Em delação premiada, o ex-presidente da área de Construção
da Andrade Gutierrez Rogério Nora de Sá relatou novos detalhes do esquema de
corrupção envolvendo as principais obras ferroviárias do País, a Ferrovia
Norte-Sul e a Interligação Leste-Oeste. Já investigadas pela Procuradoria da
República em Goiás, as obras tinham um acerto, segundo o delator, de cerca de
5% do valor dos contratos em propinas ao ex-presidente da Valec, João Francisco
das Neves, conhecido como Juquinha, ao PR e ao ex-deputado Valdemar Costa Neto.

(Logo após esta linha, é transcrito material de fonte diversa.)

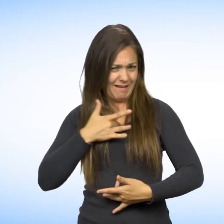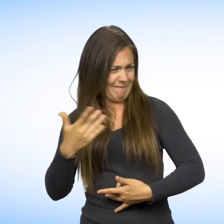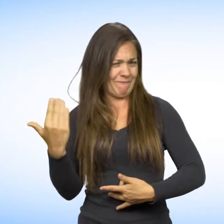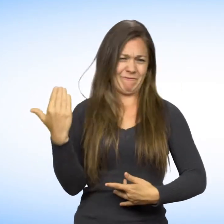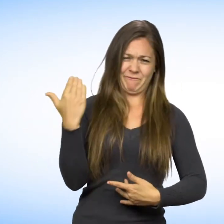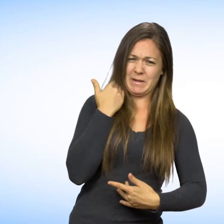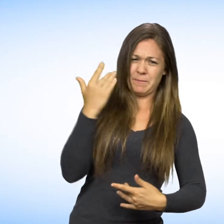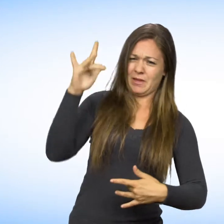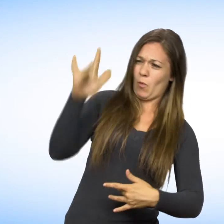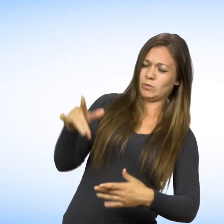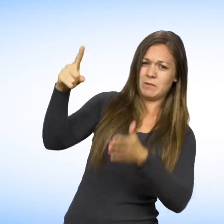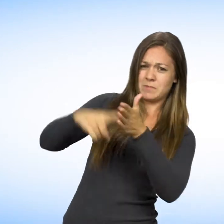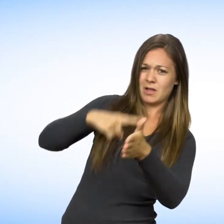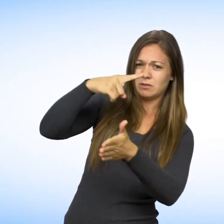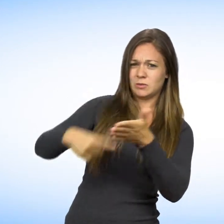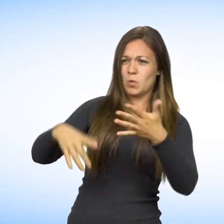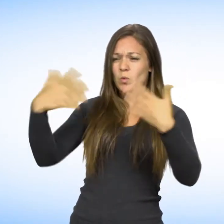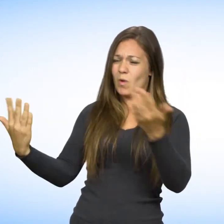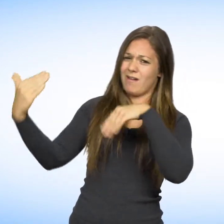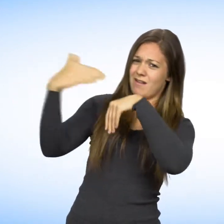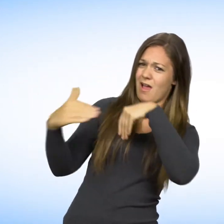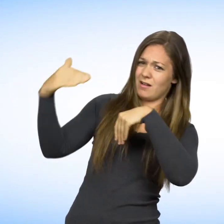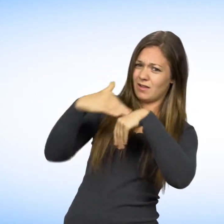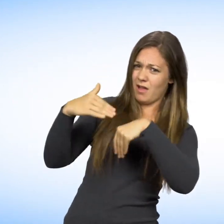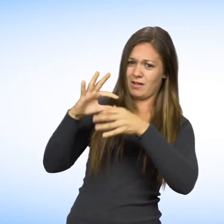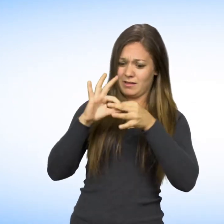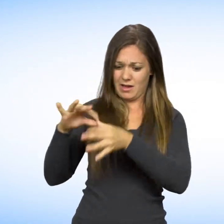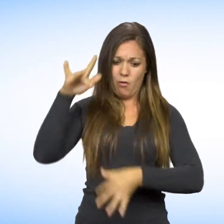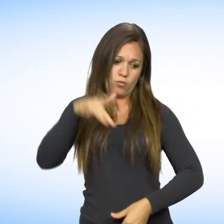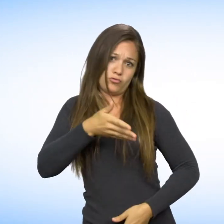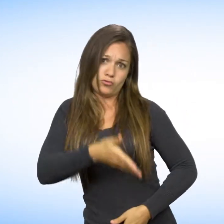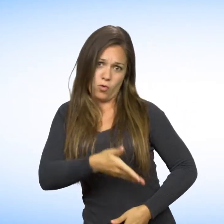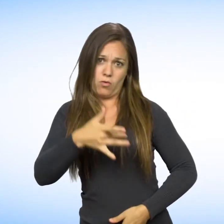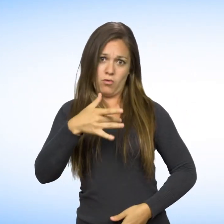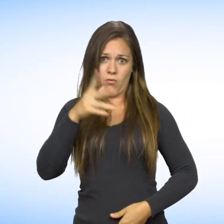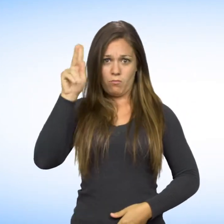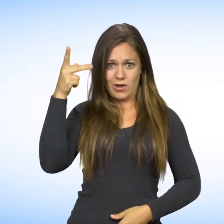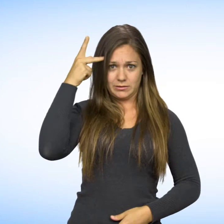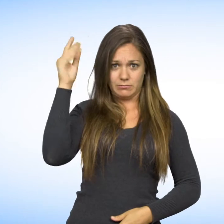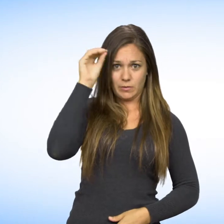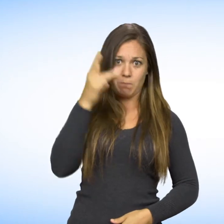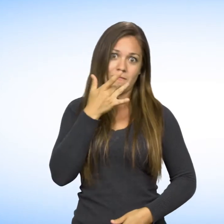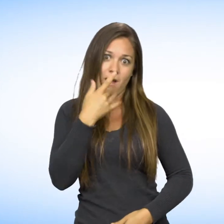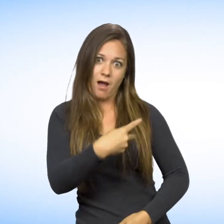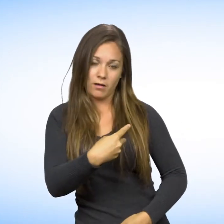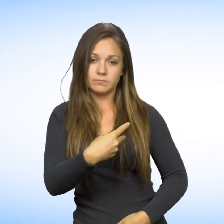Si vous croyez avoir été victime de discrimination ou de harcèlement en vertu de ce motif, contactez-nous par

Além de confirmar o cartel das empreiteiras nas obras,
revelado pelas investigações da Procuradoria da República em Goiás em conjunto
com a Polícia Federal e o Conselho Administrativo de Defesa Econômica (Cade), o
delator revelou, pela primeira vez, qual o partido político que teria se
beneficiado do esquema na estatal de transportes ferroviários. Atualmente,
Juquinha já responde a uma ação penal na Justiça Federal de Goiás acusado de
receber R$ 2,24 milhões em propinas para beneficiar empreiteiras nas obras da
Valec.

“Que logo após a publicação do edital (das obras da
Norte-Sul em 2004), a Andrade Gutierrez e outras empresas iniciaram as
tratativas para se cartelizar; que segundo Rodrigo Lopes (executivo da Andrade
que atuava nas obras da Valec) a Valec era controlada pelo PR, o qual também
tinha ascendência muito grande sobre o Ministério dos Transportes”, disse
Rogério em sua delação.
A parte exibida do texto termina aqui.